David: What part in Southern California?
Dima: …The Valley.
David: Okay. So you’re a Valley boy
Dima: Valley boy at heart, for sure. Yeah.
David: Alright. Yeah.
Dima: Yeah. Went to Reseda Magnet high school. Went to CSUN, UCLA, all those schools. Everyone’s probably heard of Marty. Studied finance, got out of it 2008ish, right when the market tanked. So, couldn’t find a job. Decided to do something else completely. So, I started doing business development and I was actually doing business development already for my dad for his business and thinking of trying to scheme and plan and take over the world with whatever I could do, and decided to open up my own business.
Dima: Yeah. So, I own multiple businesses.
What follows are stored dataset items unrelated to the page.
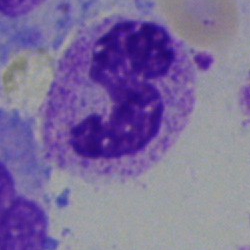

The cell shown is a segmented neutrophil.
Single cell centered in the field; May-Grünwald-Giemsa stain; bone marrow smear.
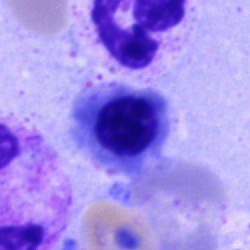Morphological class: nucleated red cell.
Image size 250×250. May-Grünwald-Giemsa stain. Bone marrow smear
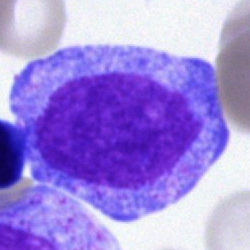Specimen: bone marrow aspirate smear.
Classification: progranulocyte.
Lineage: myeloid.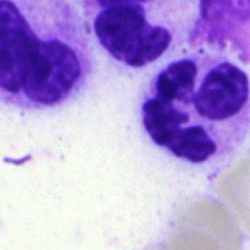
Morphological class = segmented neutrophil.
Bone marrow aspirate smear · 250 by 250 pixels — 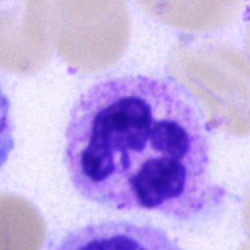

Morphological class — neutrophil (segmented).
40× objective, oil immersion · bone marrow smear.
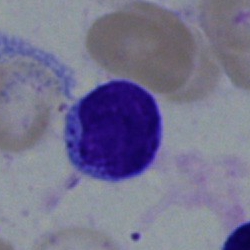

{"cell_type": "lymphocyte", "lineage": "lymphoid"}
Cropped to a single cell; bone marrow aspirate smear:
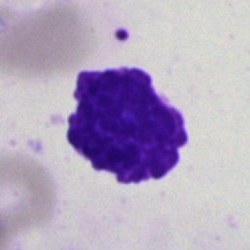
Q: What is shown here?
A: It is an artefact.
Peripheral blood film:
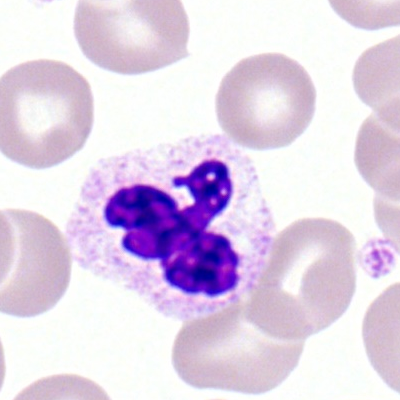Morphology consistent with a neutrophil (segmented).
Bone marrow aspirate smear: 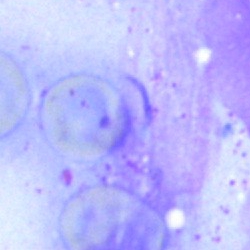
Single cell identified as an artefact.
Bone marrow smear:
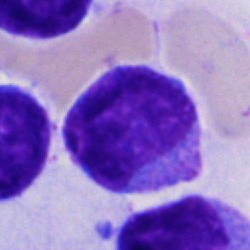

Showing a blast.
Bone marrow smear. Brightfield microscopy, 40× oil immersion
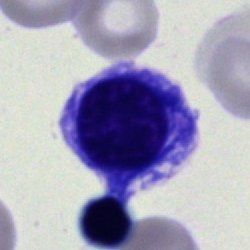

Morphological class = normoblast.

David: What type of business was the first one?
Dima: The very first one was actually a marketing company. So, I did web development brand development, business development, all types of developments, it what they would call dead. Yeah. So, my main thing that I’m doing right now is I own a quick service restaurant called the Juice Parlor out in North Hollywood. I own a web development company called Hatthaway & Briggs, and we primarily focus on celebrity trainers, celebrities, personal branding like that for them. We work on developing basically not only their websites, but business ideas or businesses that they have from A to Z.
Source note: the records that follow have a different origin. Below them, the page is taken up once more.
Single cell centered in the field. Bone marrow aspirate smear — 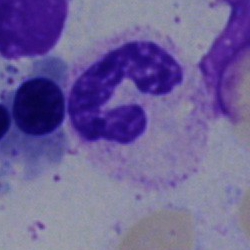
Morphology → polymorphonuclear neutrophil.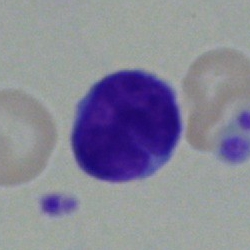 Bone marrow aspirate smear, single cell — lymphocyte.
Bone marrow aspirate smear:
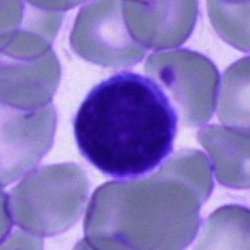

Q: What is the morphological classification of this cell?
A: A lymphocyte.
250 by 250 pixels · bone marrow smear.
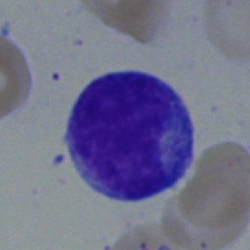Q: Which cell type is shown here?
A: It is a blast cell.
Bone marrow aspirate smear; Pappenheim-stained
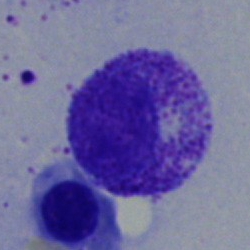 Showing a myelocyte.
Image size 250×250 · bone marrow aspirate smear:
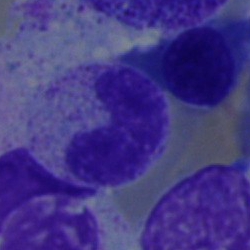

Morphology → band neutrophil.
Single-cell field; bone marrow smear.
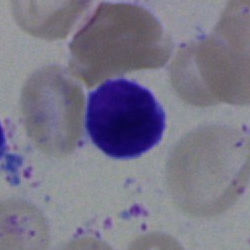

The cell type is lymphocyte.
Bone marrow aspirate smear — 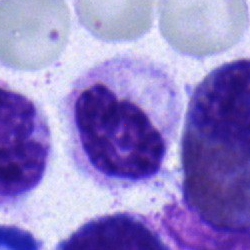
Cell: neutrophil (segmented).
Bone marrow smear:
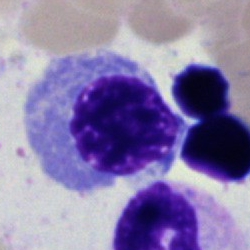

The cell shown is an erythroblast.
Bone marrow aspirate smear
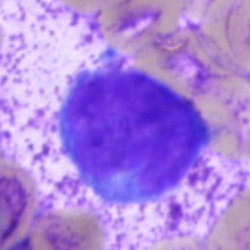Q: What is the morphological classification of this cell?
A: Blast.
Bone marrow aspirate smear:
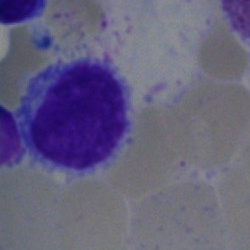 Showing a typical lymphocyte.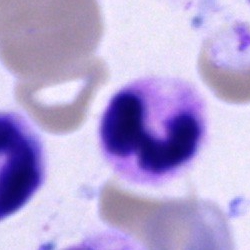
Bone marrow aspirate smear, single cell — segmented neutrophil.
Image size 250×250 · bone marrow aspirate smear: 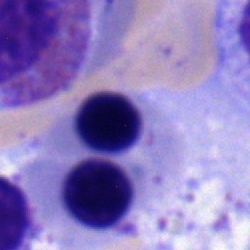Showing a nucleated red cell.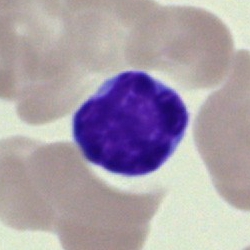

Q: What is shown here?
A: Typical lymphocyte.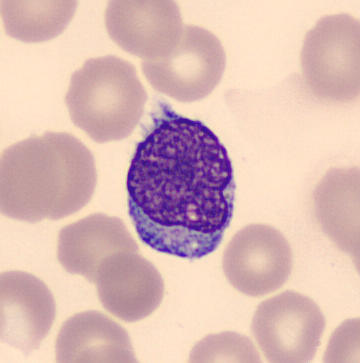 Peripheral blood smear. Classification — monocyte.
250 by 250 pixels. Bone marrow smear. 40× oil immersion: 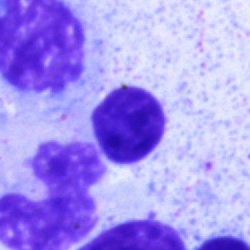 Cell type = artefact.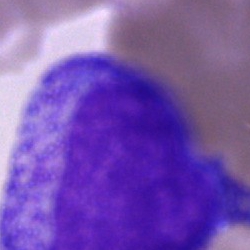 {"cell_type": "progranulocyte"}
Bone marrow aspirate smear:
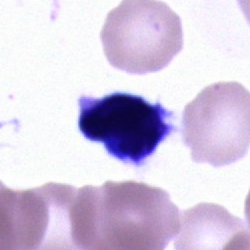 Morphology → unidentifiable cell.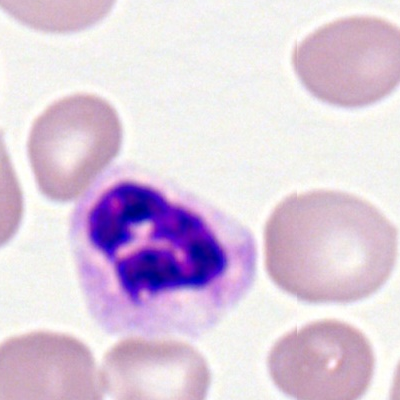 Q: Identify the cell.
A: A segmented neutrophil.
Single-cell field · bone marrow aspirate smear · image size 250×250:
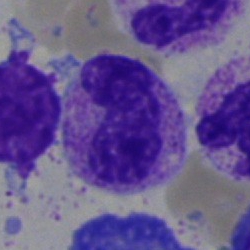Morphology — stab cell.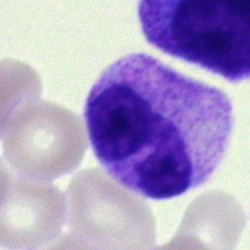
Bone marrow smear showing a monocyte.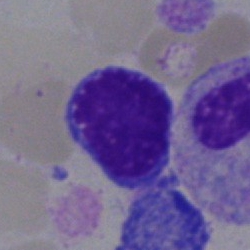

Q: What is the morphological classification of this cell?
A: This is a lymphocyte.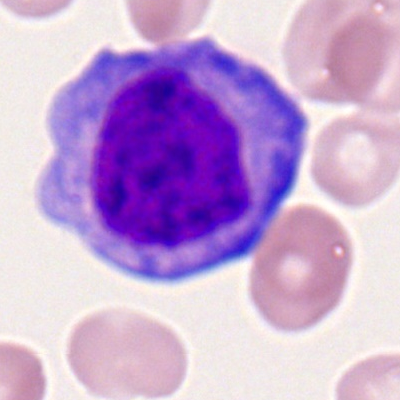Specimen: peripheral blood smear.
Morphological class: myeloblast.
Lineage: myeloid.
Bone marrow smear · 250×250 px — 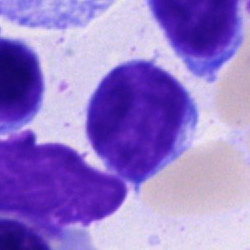
Morphological class: lymphocyte.
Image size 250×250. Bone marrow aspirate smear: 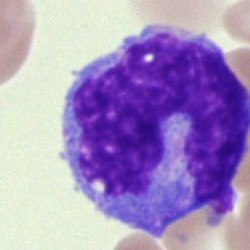Classification: monocyte.
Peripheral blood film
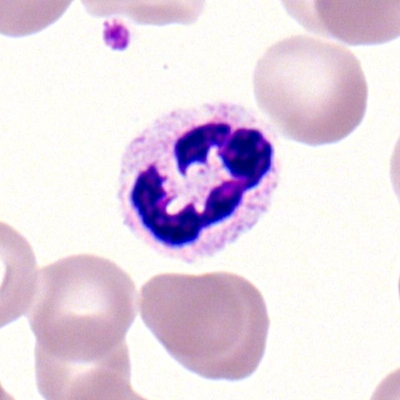 Classification — segmented neutrophil.
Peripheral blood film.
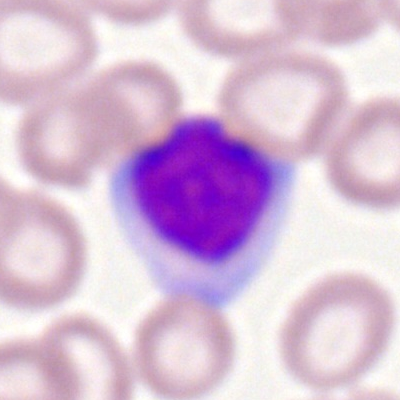This is a lymphocyte.

Dima: I’m also in the process of developing my own supplement company.
David: Okay wow
Dima: Yeah. It’s already developed in essence.
David: Do you have a name for that already?
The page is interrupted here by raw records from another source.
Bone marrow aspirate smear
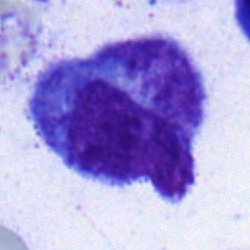
Q: What type of cell is this?
A: It is a promyelocyte.
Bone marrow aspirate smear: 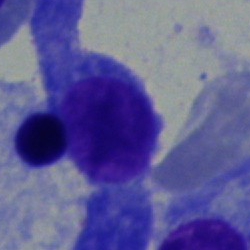

Cell — erythroblast.
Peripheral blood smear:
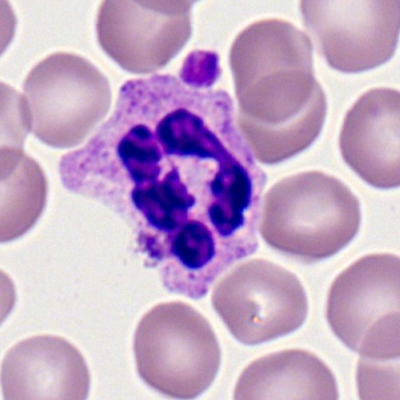
The cell shown is a segmented neutrophil.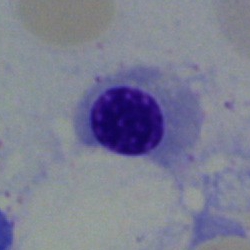
Specimen: bone marrow aspirate smear.
Cell type: nucleated red cell.
Lineage: erythroid.
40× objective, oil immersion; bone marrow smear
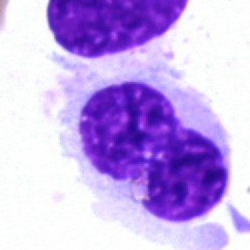 Q: Which cell type is shown here?
A: A hairy cell.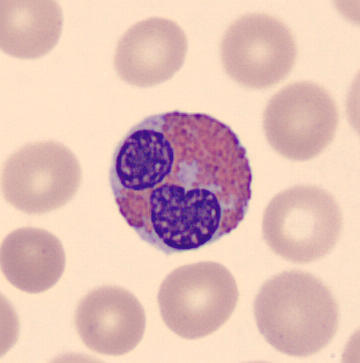
Showing an eosinophil.
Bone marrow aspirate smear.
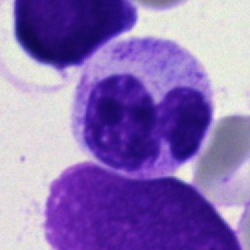Q: What is shown here?
A: It is a neutrophil (segmented).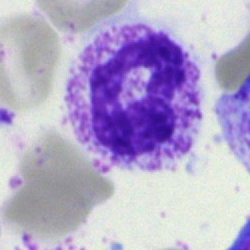 The cell shown is a segmented neutrophil.
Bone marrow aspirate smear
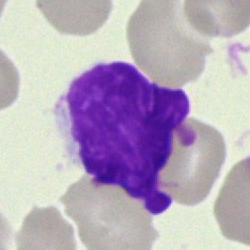
Specimen: bone marrow smear.
Classification: artefact.

Dima: Yeah, it’s called wild warrior.
David: Okay. I like that.
Dima: Trademark is not pending because it is acquired.
David: Okay Alright.
Dima: Yeah, so we…
David: It’s very catchy by the way.
Dima: …Thank you. And basically we, I’m going to finalize the product and we’re coming out hopefully within the next couple months. And it’s a supplement powder. You throw in the hot water, smoothies, whatever you want to do it with. It’s basically a designed it as a substitute to coffee, right! Because…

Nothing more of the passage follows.